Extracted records
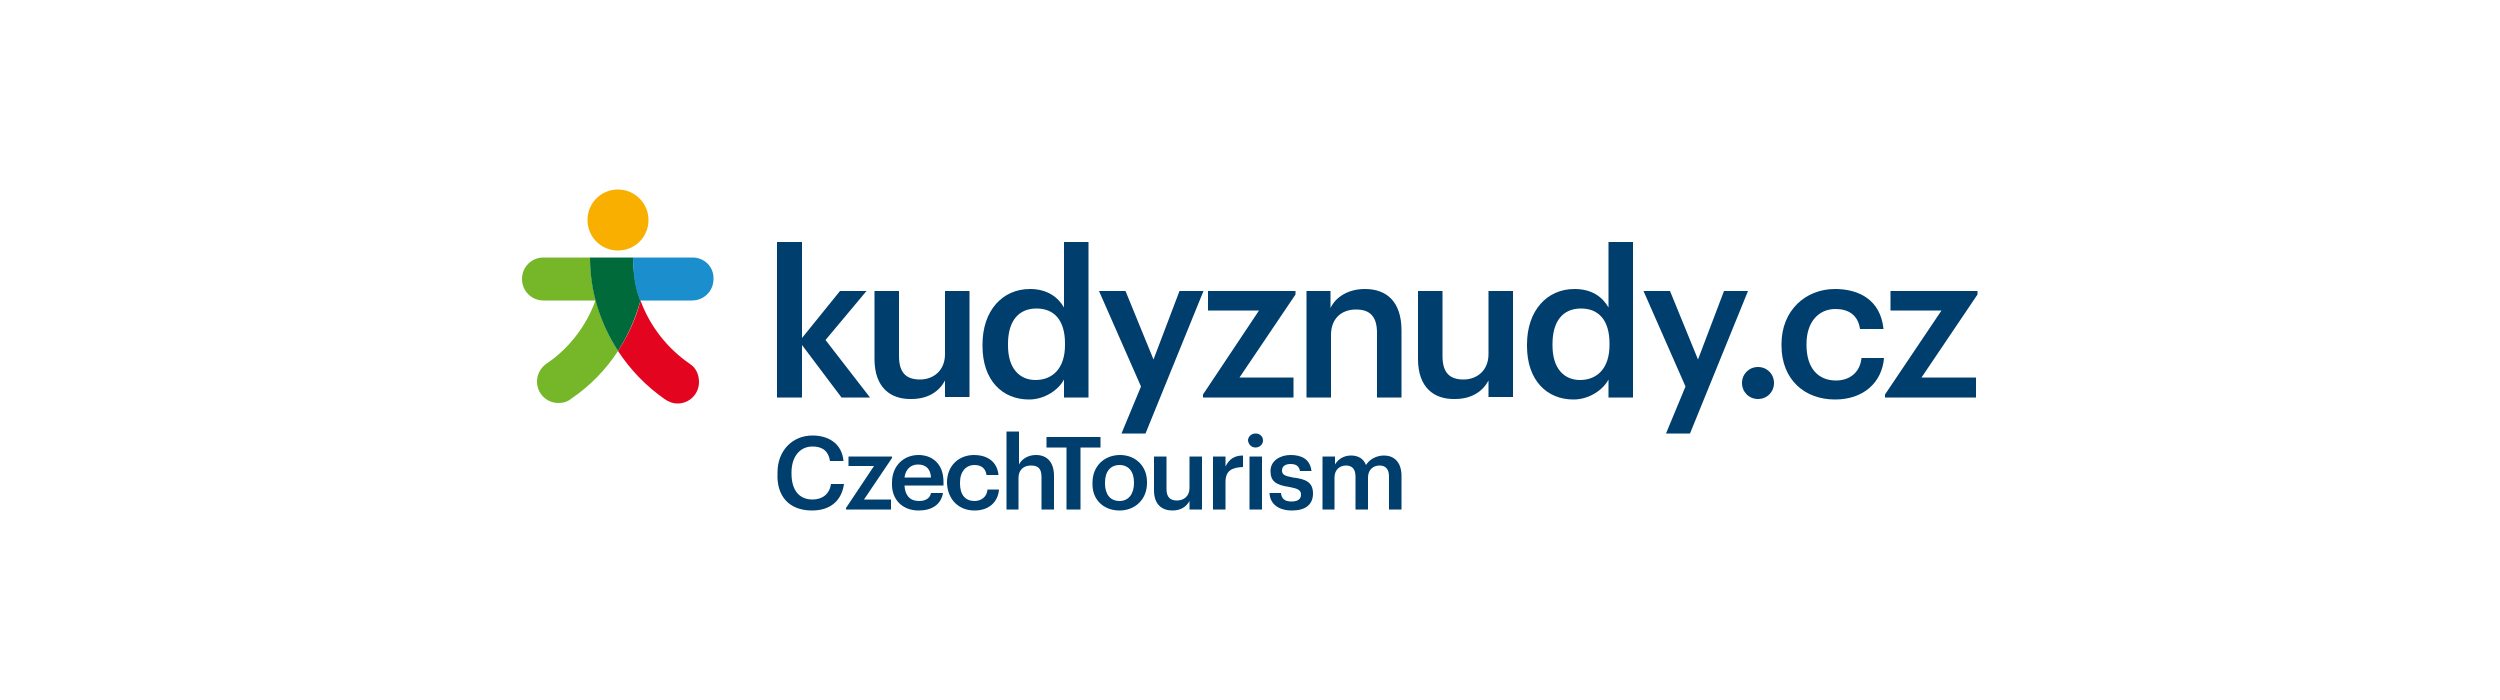 <?xml version="1.0" encoding="utf-8"?>
<!-- Generator: Adobe Illustrator 27.9.5, SVG Export Plug-In . SVG Version: 9.03 Build 54986)  -->
<svg version="1.1" id="Uniqa" xmlns="http://www.w3.org/2000/svg" xmlns:xlink="http://www.w3.org/1999/xlink" x="0px" y="0px"
	 viewBox="0 0 500 140" style="enable-background:new 0 0 500 140;" xml:space="preserve">
<style type="text/css">
	.st0{fill:#003E6E;}
	.st1{fill:#F8AF00;}
	.st2{fill:#76B72A;}
	.st3{fill:#006A3B;}
	.st4{fill:#E30520;}
	.st5{fill:#1B8ECE;}
</style>
<g>
	<polygon class="st0" points="155.4,48.4 160.4,48.4 160.4,67.6 168,58.2 173.3,58.2 165.1,68 174,79.5 168.3,79.5 160.4,69 
		160.4,79.5 155.4,79.5 	"/>
	<path class="st0" d="M174.9,71.8V58.2h4.9v13c0,3.2,1.3,4.7,4.2,4.7c2.6,0,5-1.7,5-5.1V58.2h4.9v21.2H189v-3.3
		c-1.1,2.1-3.3,3.7-6.7,3.7C178.1,79.9,174.9,77.5,174.9,71.8"/>
	<path class="st0" d="M196.5,69.2v-0.3c0-6.8,4-11.1,9.5-11.1c3.4,0,5.6,1.6,6.8,3.7V48.4h4.9v31.1h-4.9v-3.6c-1.1,2.1-3.9,4-7,4
		C200.5,79.9,196.5,76.1,196.5,69.2 M213,69v-0.3c0-4.7-2.2-7-5.7-7c-3.6,0-5.7,2.5-5.7,7.1v0.3c0,4.7,2.4,6.9,5.5,6.9
		C210.5,76,213,73.7,213,69"/>
	<polygon class="st0" points="228.2,77.3 219.8,58.2 225.1,58.2 230.7,71.9 235.9,58.2 240.7,58.2 229.1,86.7 224.3,86.7 	"/>
	<polygon class="st0" points="240.6,78.9 251.8,62.1 241.6,62.1 241.6,58.2 259.1,58.2 259.1,58.9 247.9,75.5 258.7,75.5 
		258.7,79.5 240.6,79.5 	"/>
	<path class="st0" d="M261.2,58.2h4.9v3.4c1-2.1,3.4-3.8,6.9-3.8c4.3,0,7.3,2.5,7.3,8.3v13.4h-4.9V66.6c0-3.2-1.3-4.7-4.2-4.7
		c-2.8,0-5,1.7-5,5.1v12.5h-4.9V58.2z"/>
	<path class="st0" d="M283.6,71.8V58.2h4.9v13c0,3.2,1.3,4.7,4.2,4.7c2.6,0,5-1.7,5-5.1V58.2h4.9v21.2h-4.9v-3.3
		c-1.1,2.1-3.3,3.7-6.7,3.7C286.8,79.9,283.6,77.5,283.6,71.8"/>
	<path class="st0" d="M305.4,69.2v-0.3c0-6.8,4-11.1,9.5-11.1c3.5,0,5.6,1.6,6.8,3.7V48.4h4.9v31.1h-4.9v-3.6c-1.1,2.1-3.9,4-7,4
		C309.4,79.9,305.4,76.1,305.4,69.2 M321.9,69v-0.3c0-4.7-2.2-7-5.7-7c-3.6,0-5.7,2.5-5.7,7.1v0.3c0,4.7,2.4,6.9,5.5,6.9
		C319.4,76,321.9,73.7,321.9,69"/>
	<polygon class="st0" points="337.1,77.3 328.7,58.2 334,58.2 339.6,71.9 344.8,58.2 349.6,58.2 338,86.7 333.2,86.7 	"/>
	<path class="st0" d="M348.4,76.6c0-1.8,1.4-3.2,3.2-3.2c1.8,0,3.2,1.4,3.2,3.2c0,1.8-1.4,3.2-3.2,3.2
		C349.8,79.8,348.4,78.4,348.4,76.6"/>
	<path class="st0" d="M356.3,69.1v-0.3c0-6.7,4.8-11,10.7-11c4.7,0,9.1,2.1,9.7,8H372c-0.4-2.8-2.3-4-4.9-4c-3.4,0-5.8,2.6-5.8,7V69
		c0,4.6,2.3,7.1,5.9,7.1c2.6,0,4.8-1.5,5.1-4.5h4.5c-0.4,4.9-4.1,8.3-9.8,8.3C360.9,79.9,356.3,75.9,356.3,69.1"/>
	<polygon class="st0" points="377,78.9 388.3,62.1 378.1,62.1 378.1,58.2 395.5,58.2 395.5,58.9 384.3,75.5 395.2,75.5 395.2,79.5 
		377,79.5 	"/>
	<path class="st1" d="M129.7,44c0,3.4-2.7,6.1-6.1,6.1c-3.4,0-6.1-2.7-6.1-6.1c0-3.4,2.7-6.1,6.1-6.1C127,37.9,129.7,40.7,129.7,44"
		/>
	<path class="st2" d="M118,51.5l-9.3,0c-2.4,0-4.3,1.9-4.3,4.3c0,2.4,1.9,4.3,4.3,4.3h10.4c-1.9,5.2-5.4,9.7-9.9,12.7l0,0
		c-1.1,0.8-1.8,2.1-1.8,3.5c0,2.4,1.9,4.3,4.3,4.3c1,0,1.9-0.3,2.6-0.9l0,0c3.7-2.5,6.9-5.8,9.3-9.5C120.1,64.8,118.1,58.4,118,51.5
		"/>
	<path class="st3" d="M126.6,51.5H118c0,6.9,2.1,13.3,5.6,18.7c2-3.1,3.5-6.5,4.5-10.1l0,0c0,0-0.9-2.2-1.2-4.8
		C126.6,53.2,126.6,51.5,126.6,51.5"/>
	<path class="st4" d="M138,72.8L138,72.8c-4.5-3.1-8-7.5-9.9-12.7l0,0h0l0,0h0c-0.9,3.6-2.5,7-4.5,10.1c2.5,3.8,5.6,7,9.3,9.6l0,0
		c0.7,0.5,1.6,0.9,2.6,0.9c2.4,0,4.3-1.9,4.3-4.3C139.8,74.8,139.1,73.5,138,72.8"/>
	<path class="st5" d="M138.5,51.5l-11.9,0c0,0,0,1.7,0.2,3.8c0.3,2.6,1.2,4.8,1.2,4.8h10.4c2.4,0,4.3-1.9,4.3-4.3
		C142.8,53.4,140.9,51.5,138.5,51.5"/>
	<path class="st0" d="M264.4,101.9h2.5v-6.4c0-1.6,1.1-2.4,2.3-2.4c1.2,0,1.9,0.7,1.9,2.2v6.6h2.5v-6.4c0-1.6,1.1-2.4,2.3-2.4
		s1.9,0.7,1.9,2.2v6.6h2.5v-6.7c0-2.9-1.6-4.1-3.5-4.1c-1.3,0-2.8,0.6-3.6,1.9c-0.5-1.3-1.6-1.9-3-1.9c-1.6,0-2.7,0.9-3.2,1.8v-1.6
		h-2.5V101.9z M258.4,102.1c2.7,0,4.2-1.2,4.2-3.4c0-2.3-1.5-2.9-4-3.2c-1.7-0.3-2.2-0.6-2.2-1.4c0-0.8,0.6-1.3,1.7-1.3
		c1.1,0,1.7,0.4,1.9,1.4h2.3c-0.3-2.4-2-3.2-4.2-3.2c-2,0-4,1.1-4,3.2c0,2,1,2.8,3.8,3.2c1.6,0.3,2.3,0.6,2.3,1.5
		c0,0.9-0.6,1.4-1.9,1.4c-1.4,0-2-0.6-2.1-1.7h-2.3C254,100.8,255.7,102.1,258.4,102.1 M251.1,89.5c0.8,0,1.5-0.6,1.5-1.4
		c0-0.8-0.6-1.4-1.5-1.4c-0.8,0-1.5,0.6-1.5,1.4C249.7,88.9,250.3,89.5,251.1,89.5 M249.9,101.9h2.5V91.3h-2.5V101.9z M242.6,101.9
		h2.5v-5.5c0-2.3,1.3-2.9,3.5-3v-2.3c-1.8,0-2.8,0.8-3.5,2.2v-2h-2.5V101.9z M234.5,102.1c1.7,0,2.8-0.8,3.4-1.9v1.7h2.5V91.3h-2.5
		v6.3c0,1.7-1.2,2.5-2.5,2.5c-1.4,0-2.1-0.7-2.1-2.3v-6.5h-2.5v6.8C230.8,100.9,232.4,102.1,234.5,102.1 M223.9,102.1
		c3.1,0,5.5-2.2,5.5-5.5v-0.2c0-3.2-2.3-5.4-5.4-5.4c-3.1,0-5.5,2.2-5.5,5.5v0.2C218.4,99.9,220.7,102.1,223.9,102.1 M223.9,100.2
		c-1.9,0-2.9-1.4-2.9-3.5v-0.2c0-2.2,1.1-3.5,2.9-3.5c1.8,0,2.9,1.3,2.9,3.5v0.1C226.8,98.8,225.7,100.2,223.9,100.2 M213.4,101.9
		h2.7V89.5h4v-2.1h-10.8v2.1h4V101.9z M201.2,101.9h2.5v-6.3c0-1.7,1.1-2.5,2.5-2.5c1.5,0,2.1,0.7,2.1,2.3v6.5h2.5v-6.7
		c0-2.9-1.5-4.2-3.6-4.2c-1.7,0-2.9,0.9-3.4,1.9v-6.6h-2.5V101.9z M194.9,102.1c2.9,0,4.7-1.7,4.9-4.2h-2.3
		c-0.1,1.5-1.3,2.3-2.6,2.3c-1.8,0-2.9-1.2-2.9-3.5v-0.2c0-2.2,1.2-3.5,2.9-3.5c1.3,0,2.2,0.6,2.4,2h2.4c-0.3-2.9-2.5-4-4.9-4
		c-3,0-5.4,2.1-5.4,5.5v0.2C189.6,100.1,191.9,102.1,194.9,102.1 M180.9,95.5c0.2-1.6,1.2-2.6,2.7-2.6c1.5,0,2.5,0.8,2.6,2.6H180.9z
		 M183.7,102.1c2.7,0,4.5-1.2,4.9-3.5h-2.4c-0.2,1-1,1.6-2.4,1.6c-1.8,0-2.8-1.1-2.9-3.1h7.8v-0.7c0-3.8-2.4-5.4-5-5.4
		c-3,0-5.3,2.2-5.3,5.5v0.2C178.3,100,180.6,102.1,183.7,102.1 M169.1,101.9h9.1v-2h-5.4l5.6-8.3v-0.3h-8.7v1.9h5.1l-5.6,8.4V101.9z
		 M162.4,102.1c3.5,0,5.9-1.8,6.4-5.3h-2.6c-0.3,2-1.7,3.1-3.7,3.1c-2.7,0-4.2-1.9-4.2-5.2v-0.2c0-3.2,1.7-5.2,4.2-5.2
		c2.1,0,3.2,1,3.5,2.9h2.7c-0.3-3.4-2.9-5.1-6.2-5.1c-4,0-7,3-7,7.4v0.2C155.3,99.2,157.8,102.1,162.4,102.1"/>
</g>
</svg>

- **Task requirements**: In the records, which lines use the word "fill"? Report them.

- **Result of this exercise**:
	.st0{fill:#003E6E;}
	.st1{fill:#F8AF00;}
	.st2{fill:#76B72A;}
	.st3{fill:#006A3B;}
	.st4{fill:#E30520;}
	.st5{fill:#1B8ECE;}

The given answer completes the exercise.